UK P&I Club informs on the contractual implications of the global Liquefied Natural Gas (LNG) market that is going through transformations driven by geopolitical tensions, evolving trade routes and shifting demand patterns.
According to UK P&I, the geopolitical landscape has a profound impact on LNG contracts. Regional conflicts, such as those in the Middle East, have heightened security risks for LNG carriers. Due to attacks on the Red Sea by Houthi rebels, the traffic for LNG carriers transiting the area has had a major fall. In February and March of 2024 no LNG ships passed through the Red Sea due to the escalated attacks.

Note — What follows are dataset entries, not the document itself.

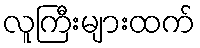
လူကြီးများထက်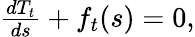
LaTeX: \begin{array}{r}{\frac{dT_{t}}{ds}+f_{t}(s)=0,}\end{array}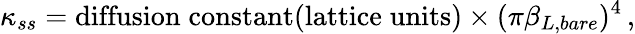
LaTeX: \kappa_{ss}=\mathrm{diffusion\; constant}(\mathrm{lattice\; units})\times(\pi\beta_{L,bare})^{4}\, ,

Furthermore, these risks necessitate the inclusion of specific contractual provisions to mitigate potential disruptions. Key contractual provisions to consider include trading limits, sanction clauses, designated entities clauses, war risks, piracy clauses and force majeure.
War risk clauses are also common in charterparties and need to be closely considered if the vessel is operating in affected regions.

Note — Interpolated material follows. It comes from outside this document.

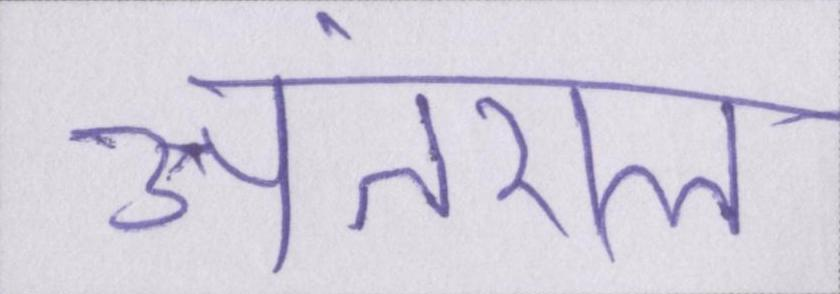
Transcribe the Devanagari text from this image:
अंतराल

In addition, there are several operational considerations that should be addressed in LNG contracts. One critical aspect is the calorific value of LNG compared to fuel oils. To tackle this issue, it is essential to negotiate a post-delivery review period when entering into a time charter for a new-build ship with performance warranties lifted straight from the shipbuilding contract. This review period will allow for adjustments to the warranties to reflect the actual performance of the ship.
Moreover, another operational consideration is the risk of fuel oil deteriorating on board. Cheaper LNG means using LNG storage as bunkers while fuel oil is still on board. Traditional charterparties do not deal with such circumstances. This concern can lead to contractual disputes if not adequately addressed. Parties might consider including contractual provisions allocating responsibilities between owners and charterers if fuel oil is kept on board for a long time.
Among others, issues such as allocation of risk when adding special additives to the fuel oil on board, debunkering and associated costs should be addressed.
On the topic of global sanctions, it is crucial for contracting parties to undertake due diligence on any parties that might be involved to ensure they are not sanctioned, thereby avoiding the triggering of the sanctions clause.